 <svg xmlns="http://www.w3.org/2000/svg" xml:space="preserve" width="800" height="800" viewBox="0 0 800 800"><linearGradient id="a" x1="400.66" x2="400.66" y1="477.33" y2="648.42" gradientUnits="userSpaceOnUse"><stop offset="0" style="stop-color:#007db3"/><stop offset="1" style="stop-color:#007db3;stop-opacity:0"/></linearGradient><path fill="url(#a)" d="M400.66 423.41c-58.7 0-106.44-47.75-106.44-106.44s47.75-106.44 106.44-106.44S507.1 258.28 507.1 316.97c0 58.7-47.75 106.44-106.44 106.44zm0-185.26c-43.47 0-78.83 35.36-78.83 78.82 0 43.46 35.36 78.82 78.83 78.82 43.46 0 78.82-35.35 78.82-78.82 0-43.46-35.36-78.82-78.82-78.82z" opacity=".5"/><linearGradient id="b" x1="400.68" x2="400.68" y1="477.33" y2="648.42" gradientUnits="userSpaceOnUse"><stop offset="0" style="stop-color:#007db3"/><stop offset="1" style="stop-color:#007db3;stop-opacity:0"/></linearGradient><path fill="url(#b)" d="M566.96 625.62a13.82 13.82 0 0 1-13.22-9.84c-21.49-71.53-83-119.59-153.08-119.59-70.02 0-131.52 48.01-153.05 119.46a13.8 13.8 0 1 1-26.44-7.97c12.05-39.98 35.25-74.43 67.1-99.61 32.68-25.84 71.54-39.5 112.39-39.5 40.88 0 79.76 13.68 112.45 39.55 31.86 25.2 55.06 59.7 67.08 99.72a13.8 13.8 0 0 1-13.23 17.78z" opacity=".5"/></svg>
▬▬▬▬▬▬
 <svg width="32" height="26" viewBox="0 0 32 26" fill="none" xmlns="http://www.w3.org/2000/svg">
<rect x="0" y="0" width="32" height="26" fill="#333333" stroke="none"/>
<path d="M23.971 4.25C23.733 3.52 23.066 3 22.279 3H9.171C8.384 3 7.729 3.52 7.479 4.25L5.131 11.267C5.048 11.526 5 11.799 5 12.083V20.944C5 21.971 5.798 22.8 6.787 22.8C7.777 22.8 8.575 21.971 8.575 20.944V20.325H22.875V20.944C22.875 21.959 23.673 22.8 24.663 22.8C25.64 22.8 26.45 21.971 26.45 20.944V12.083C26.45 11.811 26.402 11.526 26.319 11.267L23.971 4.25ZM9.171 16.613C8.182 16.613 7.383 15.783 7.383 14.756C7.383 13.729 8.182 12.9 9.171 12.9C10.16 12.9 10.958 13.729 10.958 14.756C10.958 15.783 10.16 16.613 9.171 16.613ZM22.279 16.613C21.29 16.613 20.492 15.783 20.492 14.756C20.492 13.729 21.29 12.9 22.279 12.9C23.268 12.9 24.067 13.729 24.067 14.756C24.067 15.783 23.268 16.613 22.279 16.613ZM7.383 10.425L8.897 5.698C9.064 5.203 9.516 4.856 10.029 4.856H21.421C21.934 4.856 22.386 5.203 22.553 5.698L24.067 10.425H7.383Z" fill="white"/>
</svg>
▬▬▬▬▬▬
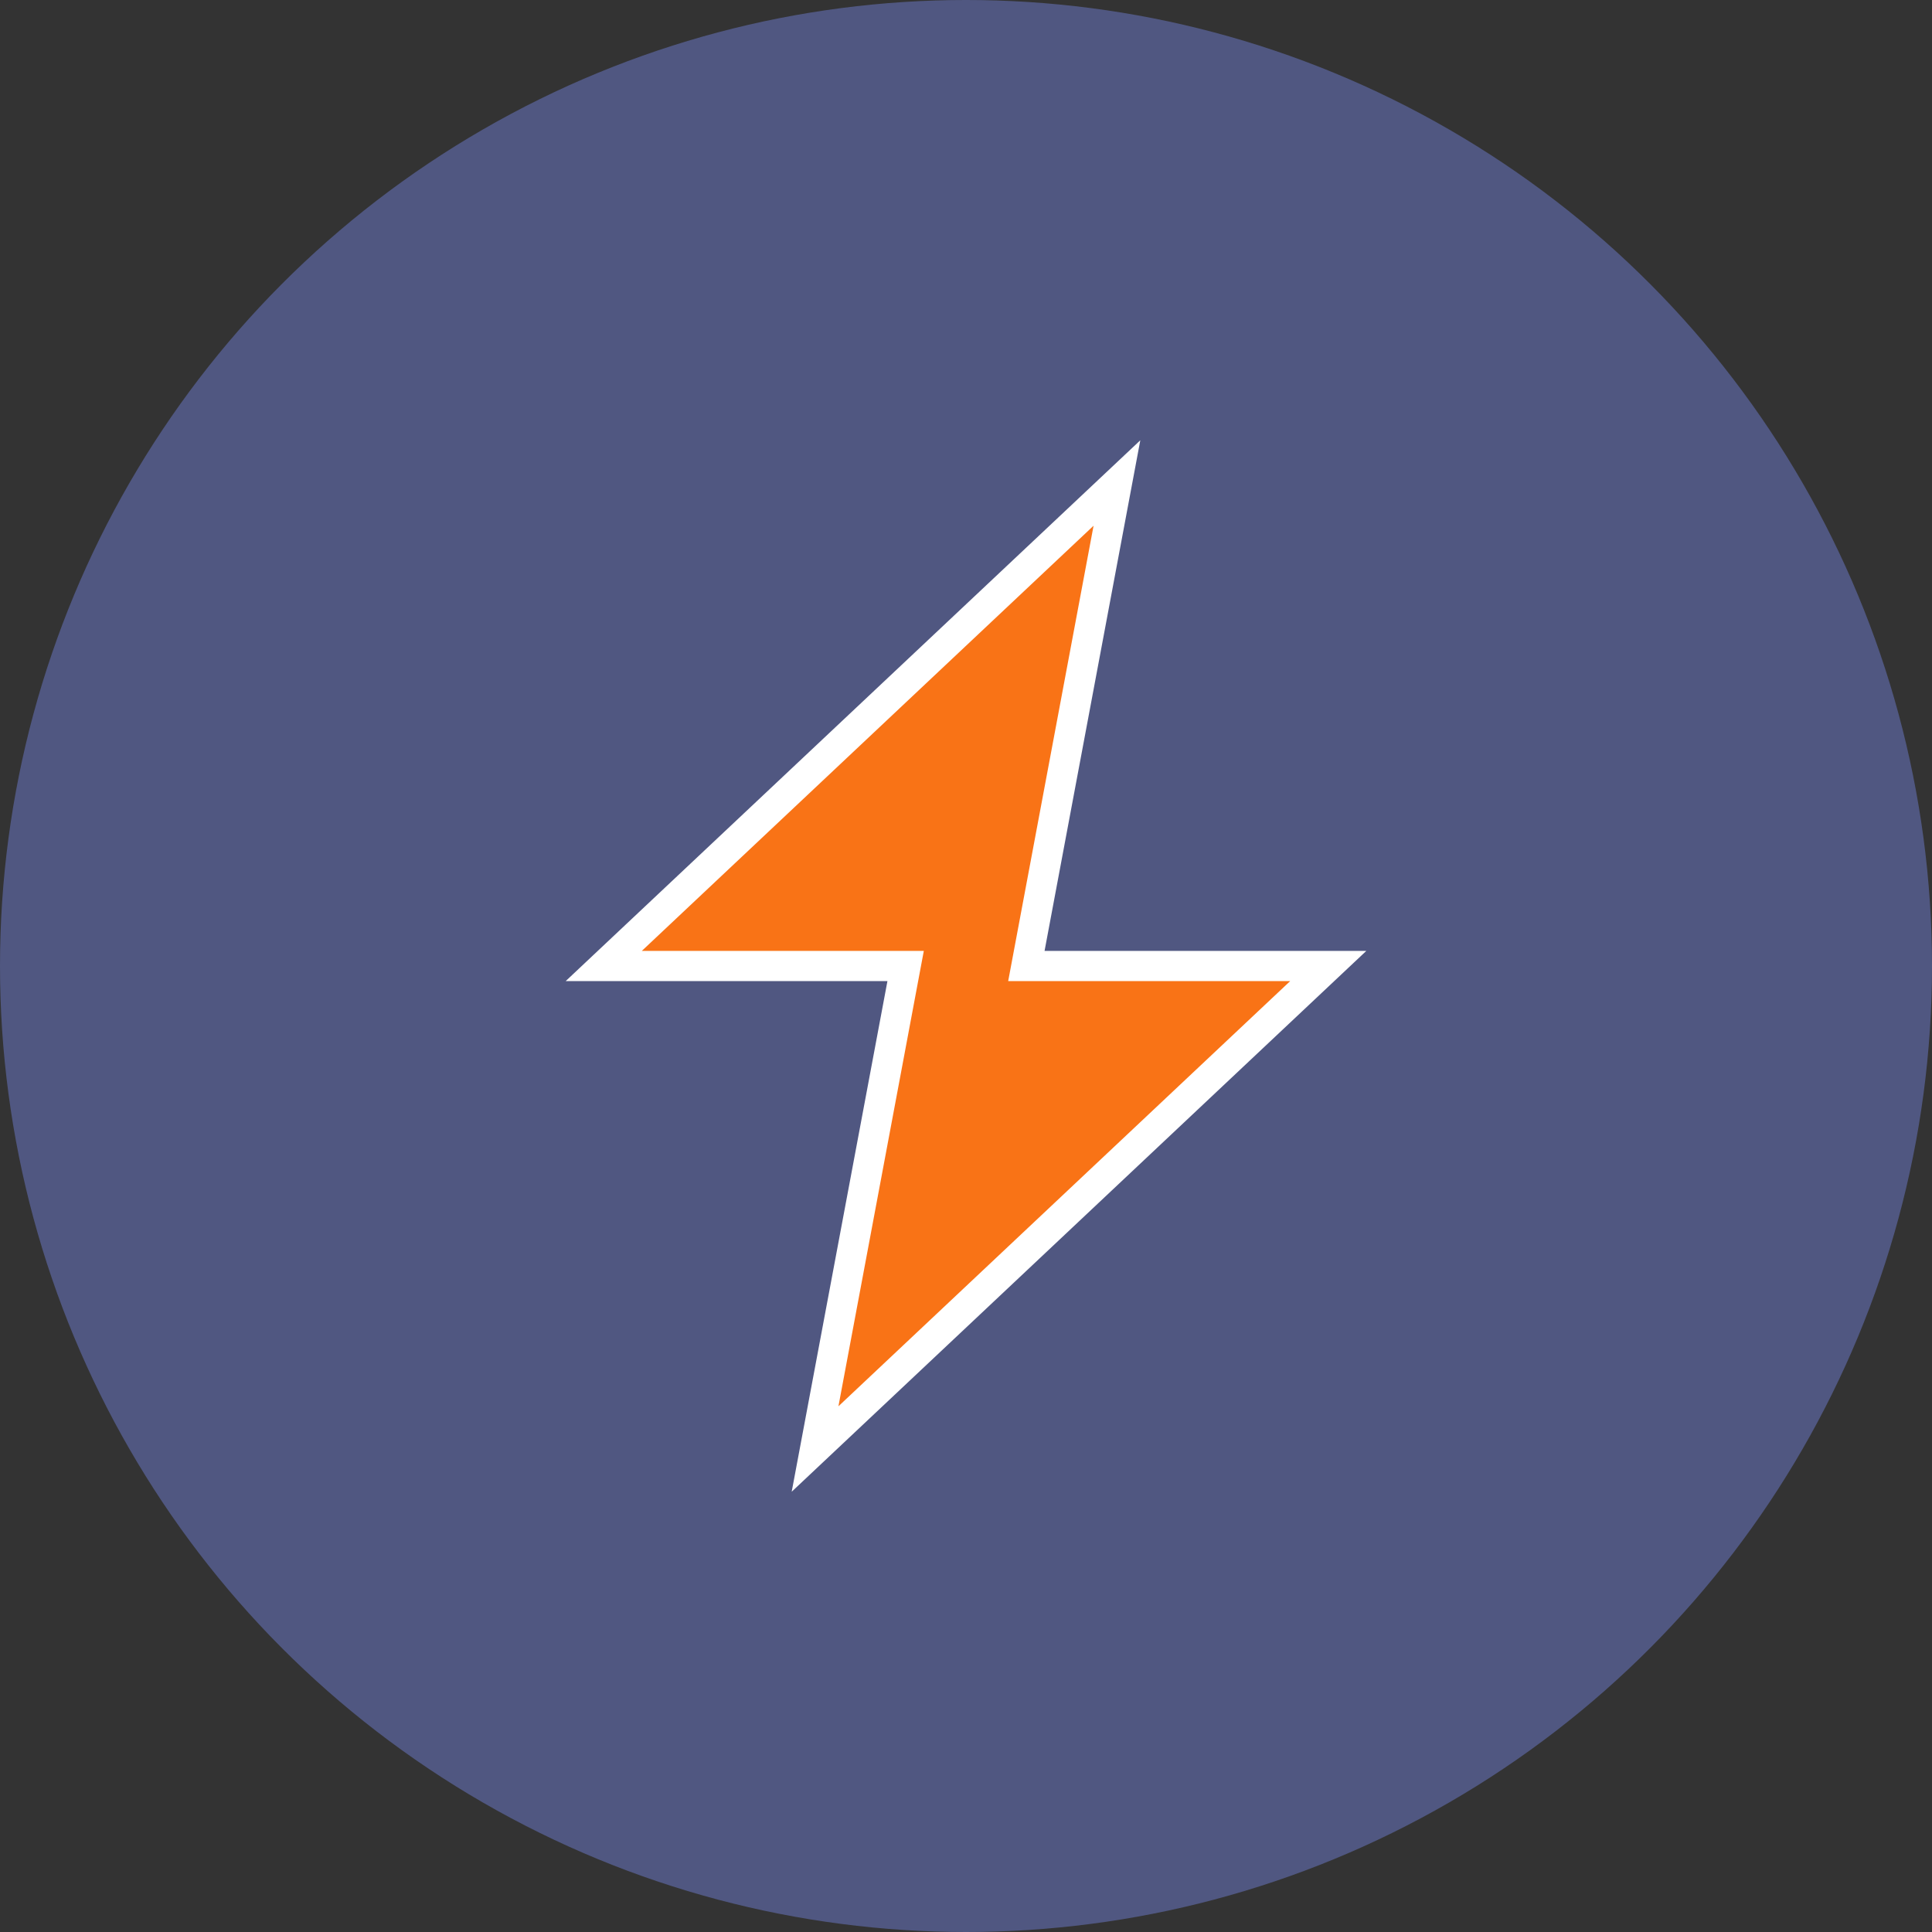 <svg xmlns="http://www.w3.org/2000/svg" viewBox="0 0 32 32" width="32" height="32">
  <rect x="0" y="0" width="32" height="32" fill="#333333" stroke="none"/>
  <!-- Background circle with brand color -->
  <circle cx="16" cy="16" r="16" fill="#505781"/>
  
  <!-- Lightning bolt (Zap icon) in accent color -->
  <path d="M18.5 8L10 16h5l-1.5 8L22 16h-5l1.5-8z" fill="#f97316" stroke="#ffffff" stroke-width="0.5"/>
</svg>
▬▬▬▬▬▬
**Exercise instructions**
The answer should consist of all lines from the records above that hold the word "none".

**Reply**
 <svg width="32" height="26" viewBox="0 0 32 26" fill="none" xmlns="http://www.w3.org/2000/svg">
<rect x="0" y="0" width="32" height="26" fill="#333333" stroke="none"/>
  <rect x="0" y="0" width="32" height="32" fill="#333333" stroke="none"/>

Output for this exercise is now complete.